Libby graduated magna cum laude and immediately enrolled at Columbia Law School. He then went on to practice law in Philadelphia, where Birdsall was studying at the time.
“You could tell then that he was into this politics thing and moving in a conservative direction,” she said.
Birdsall said she particularly remembered a dinner she had with Libby when he recited all 79 episodes of “Star Trek” from memory. “He was very detail-oriented,” Birdsall said.
Libby remained at his law practice in Philadelphia until he received a phone call from his former professor in 1981. Wolfowitz asked Libby to come work for him at the State Department. Libby agreed and joined Wolfowitz on the State Department’s policy planning staff. From then on, Libby grew closer and closer to the burgeoning neoconservative movement.
Hogen said he could not have predicted Libby’s eventual position in government based on their time at Yale.
“It wasn’t clear if Wolfowitz or creative writing would win out,” he said.
Hogen said the conservatives who helped Libby into power ultimately shaped his political views.
“If the person who promotes you into government service, if the people you work with and hang out with, if they’re in the Reagan Administration and Defense, then that’s what feeds you,” he said.
Libby’s influence in the neoconservative movement increased over time. He was recruited by Wolfowitz again, this time to work in the Pentagon under George H.W. Bush. By 1992, he was co-writing defense planning guidance with Wolfowitz for Cheney, who was then secretary of defense.

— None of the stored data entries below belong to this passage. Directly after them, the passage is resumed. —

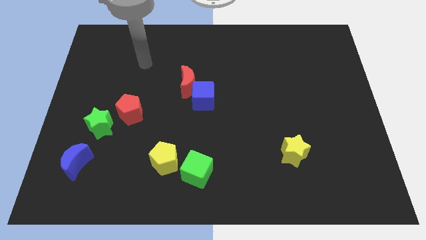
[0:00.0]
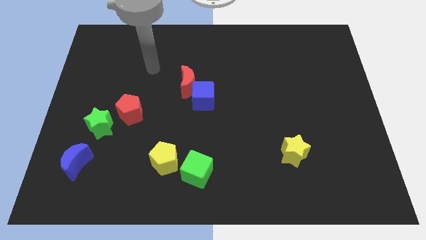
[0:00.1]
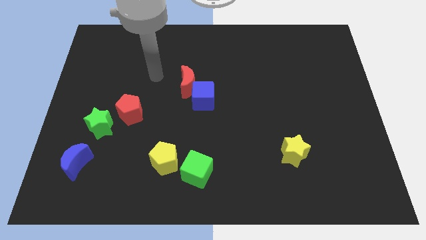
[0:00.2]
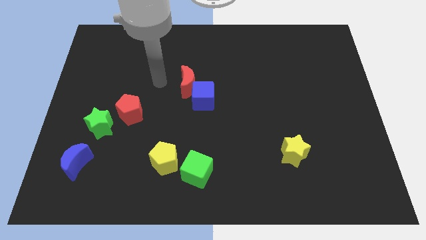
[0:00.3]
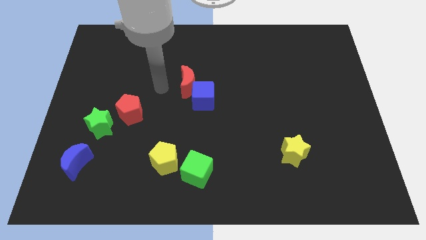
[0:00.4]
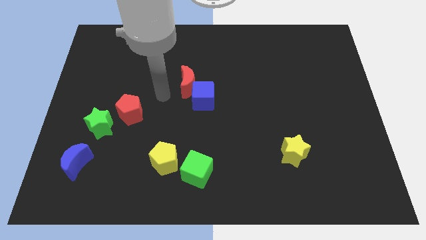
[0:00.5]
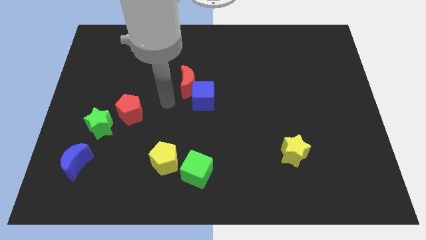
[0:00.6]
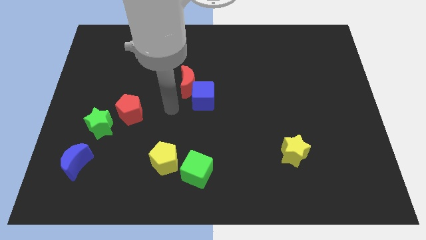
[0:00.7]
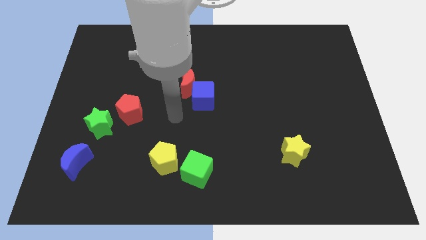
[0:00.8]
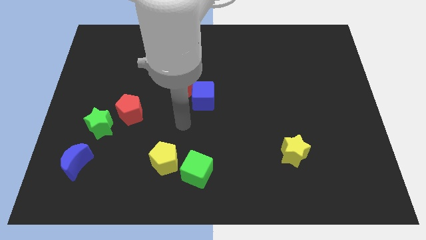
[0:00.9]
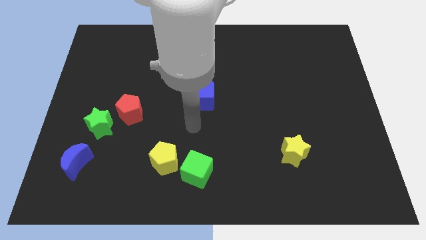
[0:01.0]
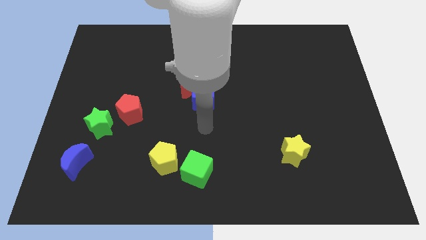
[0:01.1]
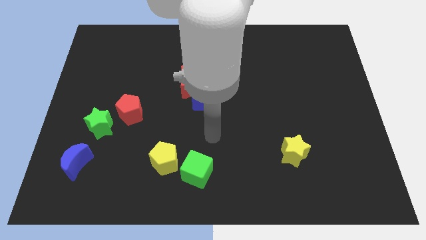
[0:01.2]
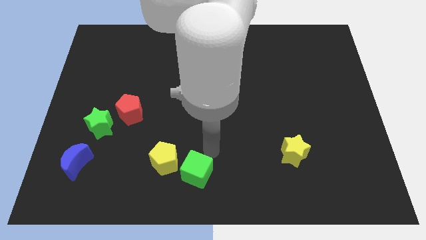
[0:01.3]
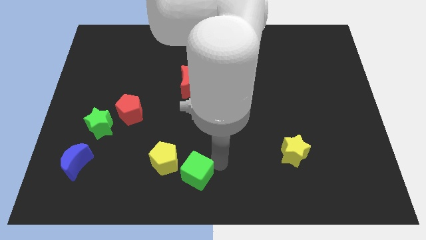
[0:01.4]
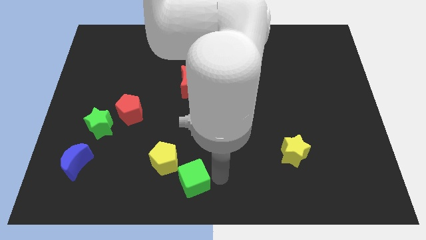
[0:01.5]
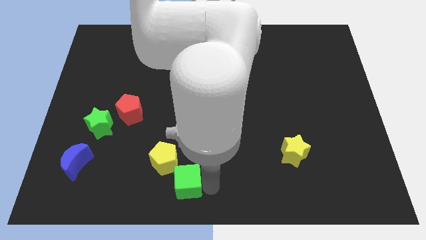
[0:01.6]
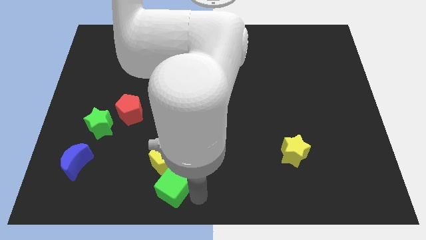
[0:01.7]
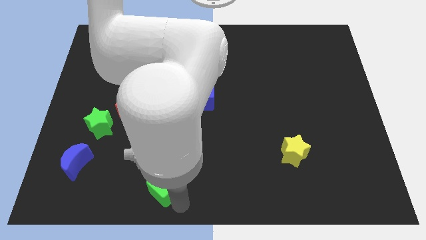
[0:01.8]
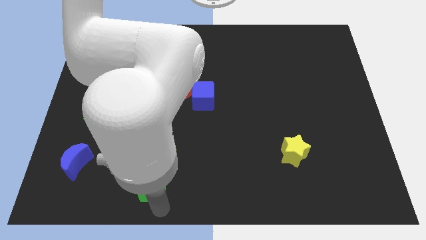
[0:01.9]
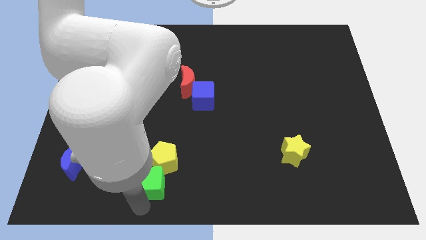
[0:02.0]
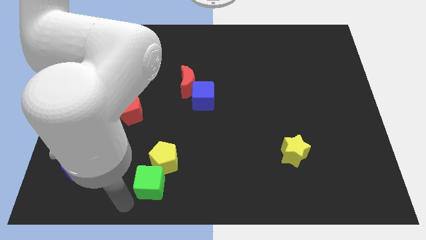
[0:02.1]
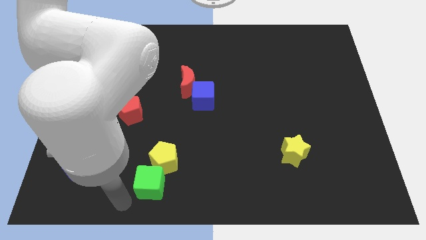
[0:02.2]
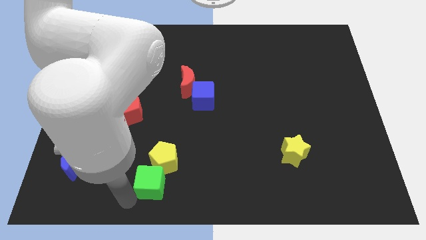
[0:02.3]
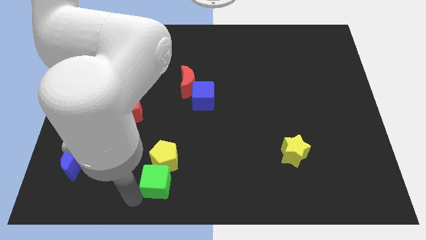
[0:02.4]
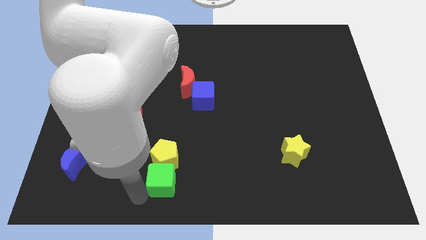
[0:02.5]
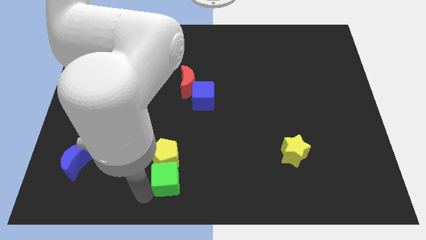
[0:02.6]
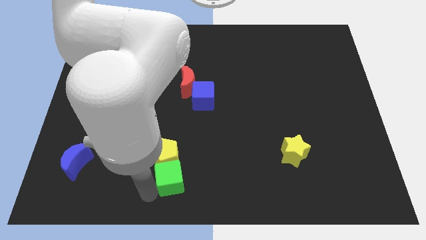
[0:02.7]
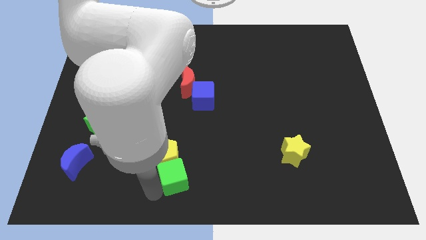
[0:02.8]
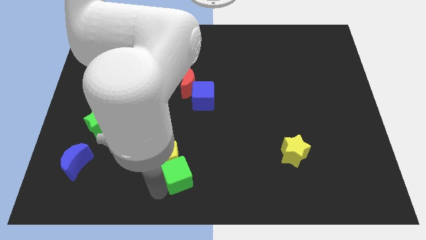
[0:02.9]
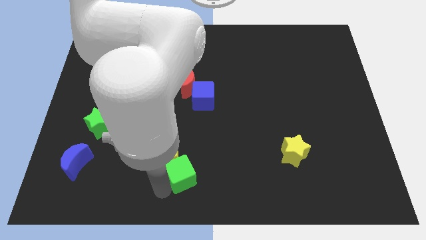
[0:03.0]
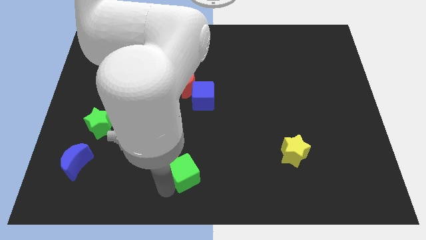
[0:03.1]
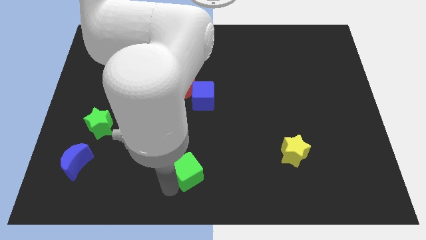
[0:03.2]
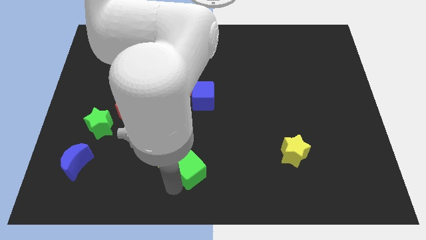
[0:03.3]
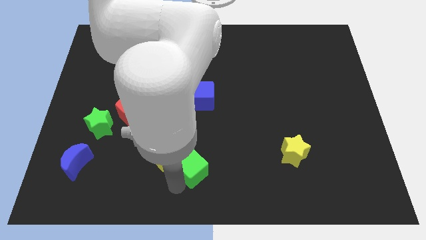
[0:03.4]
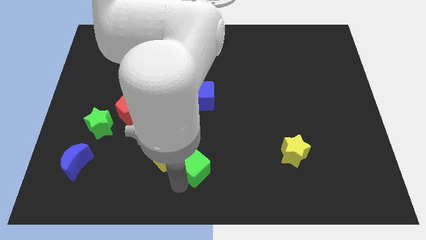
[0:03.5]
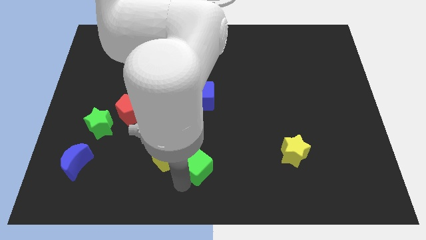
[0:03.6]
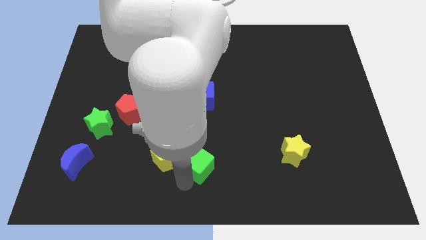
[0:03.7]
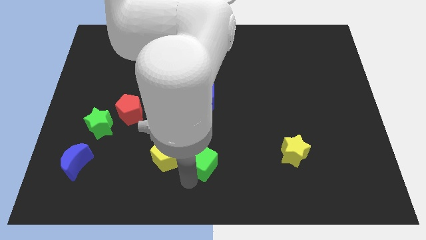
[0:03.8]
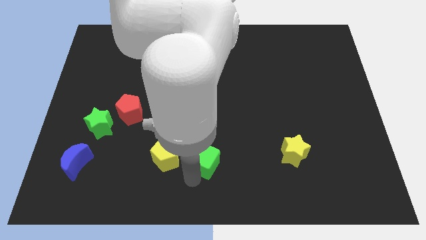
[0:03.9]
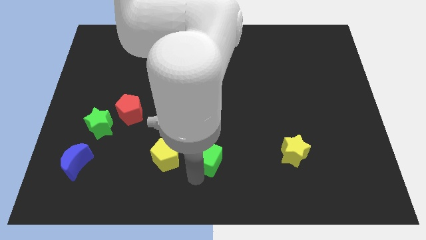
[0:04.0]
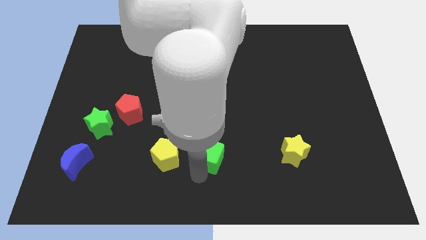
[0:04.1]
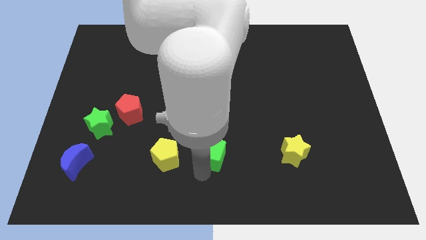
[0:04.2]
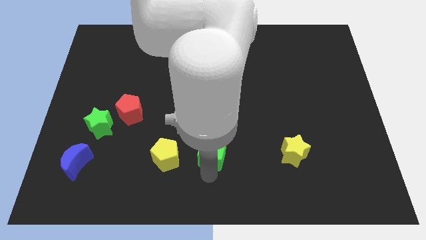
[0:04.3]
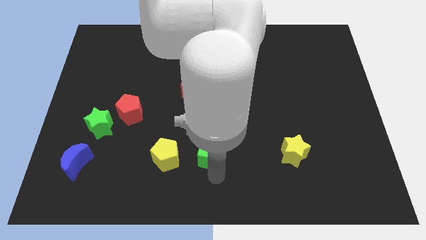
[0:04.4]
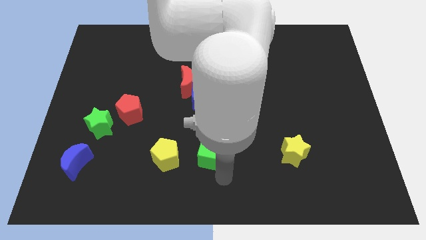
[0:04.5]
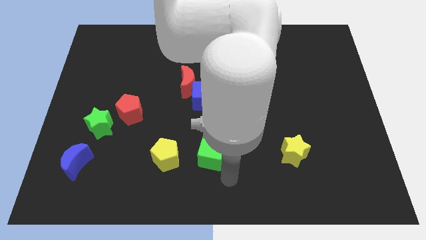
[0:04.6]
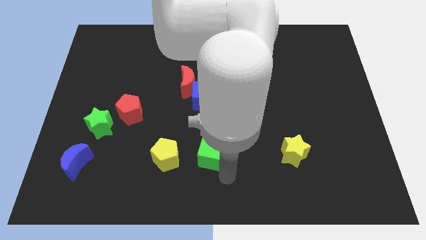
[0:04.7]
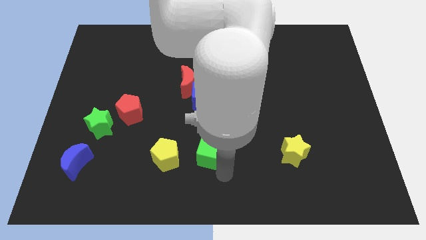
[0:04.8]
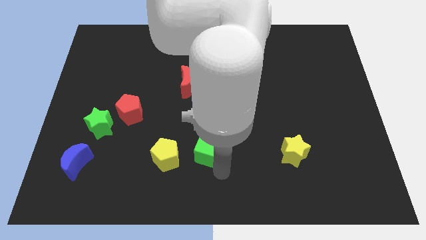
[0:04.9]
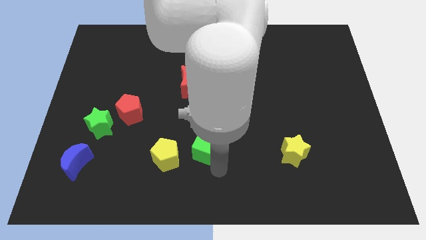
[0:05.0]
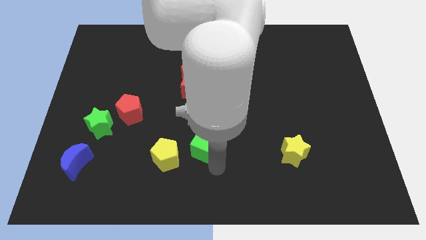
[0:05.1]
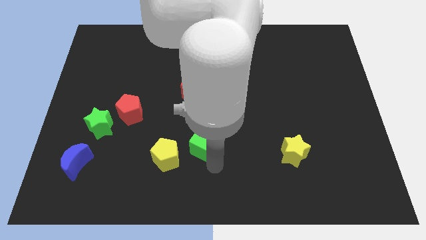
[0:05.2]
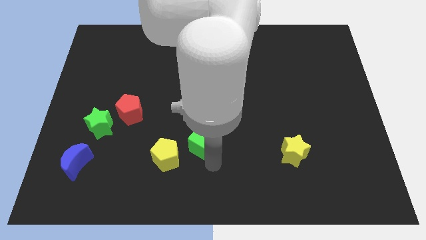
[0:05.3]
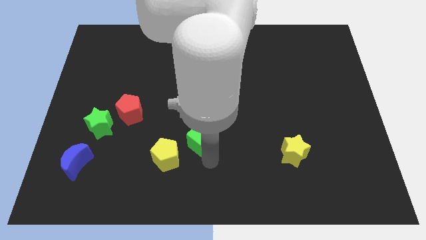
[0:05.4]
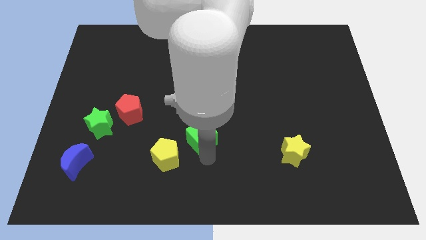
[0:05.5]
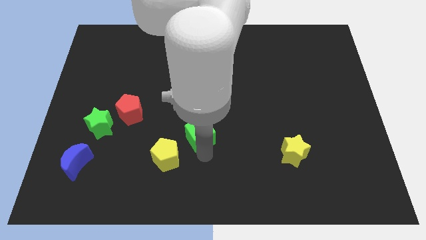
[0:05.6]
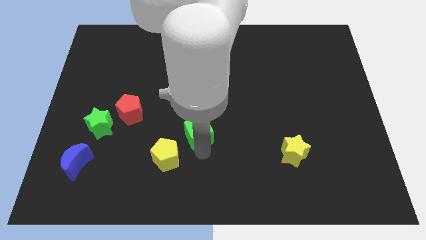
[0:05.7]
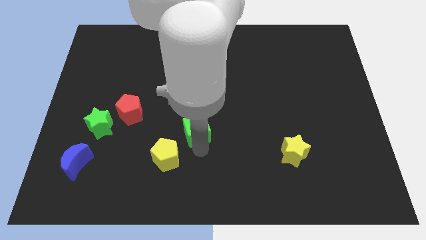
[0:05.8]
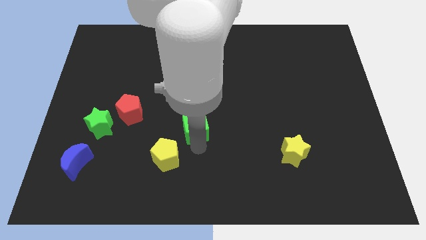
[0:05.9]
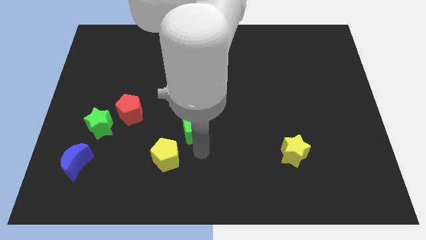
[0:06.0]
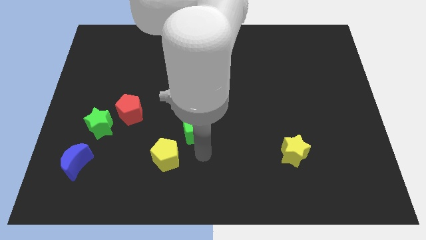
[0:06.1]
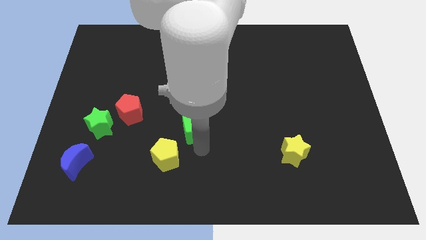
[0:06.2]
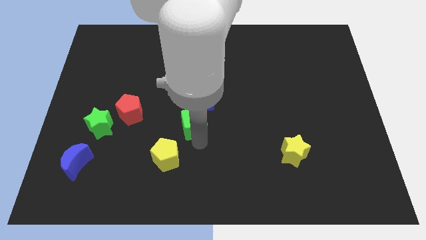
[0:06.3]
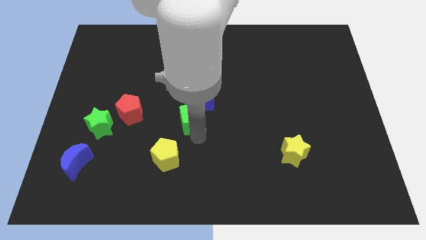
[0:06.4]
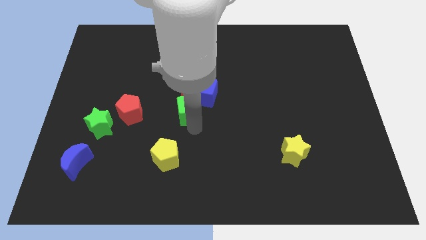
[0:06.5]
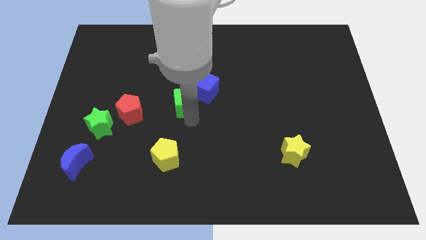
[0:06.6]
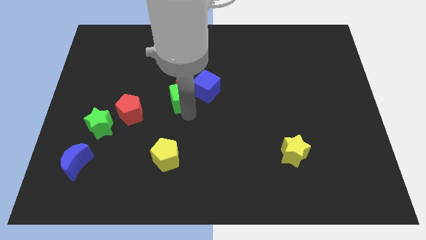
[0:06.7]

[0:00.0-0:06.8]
move the green cube close to the red moon

After President Bill Clinton LAW ’73 took control of the White House, Libby became the managing partner of a Washington law firm. His most well-known client was billionaire Marc Rich, whom he represented for 15 years. Rich fled to Switzerland to avoid charges of tax evasion and illegal trading with Iran, but was eventually pardoned by Clinton.

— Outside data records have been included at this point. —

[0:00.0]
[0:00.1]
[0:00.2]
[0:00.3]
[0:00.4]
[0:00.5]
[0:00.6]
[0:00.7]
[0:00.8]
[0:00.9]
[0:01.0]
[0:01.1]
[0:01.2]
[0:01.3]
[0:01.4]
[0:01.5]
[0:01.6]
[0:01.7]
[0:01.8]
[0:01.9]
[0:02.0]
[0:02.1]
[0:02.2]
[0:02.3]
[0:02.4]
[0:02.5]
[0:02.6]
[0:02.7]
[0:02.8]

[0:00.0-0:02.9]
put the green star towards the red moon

In 1997, Libby co-founded Project for the New American Century, a neoconservative group that, among other things, called on President Clinton to make it official U.S. policy to strive for regime change in Iraq.
The group’s founding manifesto was signed by Jeb Bush, William Kristol, Donald Rumsfeld, Wolfowitz, Libby and Yale history professor Donald Kagan, among others. Libby also co-authored the PNAC report “Rebuilding America’s Defenses” in 2000.

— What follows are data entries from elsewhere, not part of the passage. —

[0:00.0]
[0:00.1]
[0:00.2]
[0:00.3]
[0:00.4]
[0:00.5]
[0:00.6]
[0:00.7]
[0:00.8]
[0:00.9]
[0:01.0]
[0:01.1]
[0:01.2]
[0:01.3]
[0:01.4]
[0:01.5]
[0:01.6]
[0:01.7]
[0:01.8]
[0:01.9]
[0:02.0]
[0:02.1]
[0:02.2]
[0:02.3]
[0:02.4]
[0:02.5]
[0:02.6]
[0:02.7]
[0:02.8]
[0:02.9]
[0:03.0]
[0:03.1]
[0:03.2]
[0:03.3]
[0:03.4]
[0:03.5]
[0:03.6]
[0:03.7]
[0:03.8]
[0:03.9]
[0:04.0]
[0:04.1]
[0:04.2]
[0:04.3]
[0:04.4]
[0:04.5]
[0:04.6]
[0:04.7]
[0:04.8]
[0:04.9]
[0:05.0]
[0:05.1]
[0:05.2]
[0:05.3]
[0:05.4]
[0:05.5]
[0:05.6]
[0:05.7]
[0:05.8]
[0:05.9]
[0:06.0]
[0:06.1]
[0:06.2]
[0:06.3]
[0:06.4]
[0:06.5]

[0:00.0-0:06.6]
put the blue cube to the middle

By 2001, he had become Cheney’s chief of staff and his most trusted adviser. The two rode to work together every morning, and Libby often publicly expressed his admiration for his boss.
“When I find a time when I disagree with Dick Cheney, I say to myself, ‘Why am I wrong?'” he told The New York Times in a 2001 interview.
An uncertain future
In June and July of 2003, Libby spoke with reporters Judith Miller of The New York Times, Matthew Cooper of Time magazine and Tim Russert of NBC News, allegedly revealing the identity of a covert CIA operative.
These meetings led to Libby’s eventual indictment and resignation after he allegedly lied to the grand jury about his conversations with all three journalists. He now faces up to 30 years in prison.
Interviews with classmates showed widespread disbelief over the indictments. But some were more sympathetic than others.
“I’m shocked that he has been so involved in the running of a presidency that I personally have a lot of difficulty with, but this is a guy I went to college with,” Carney said. “I feel a lot of pain.”
Hogen said he disagrees with Libby politically, but their friendship has not suffered.
“I’m really saddened because Scooter- — no matter what one thinks of his politics — he doesn’t deserve this,” Hogen said. “The politics, not so good; the person, very good.”
Birdsall said she did not feel as strong of an allegiance to Libby.
“My first reaction is, ‘Oh my God, that’s horrible,'” she said. “My second is, ‘He’s getting what he deserves.’ He dragged us into this crappy war.”
Hogen said he did not have enough facts to judge Libby’s guilt.
“I think Scooter’s motives were to defend his office against charges that were in the public domain,” he said. “I don’t know to what degrees that went.”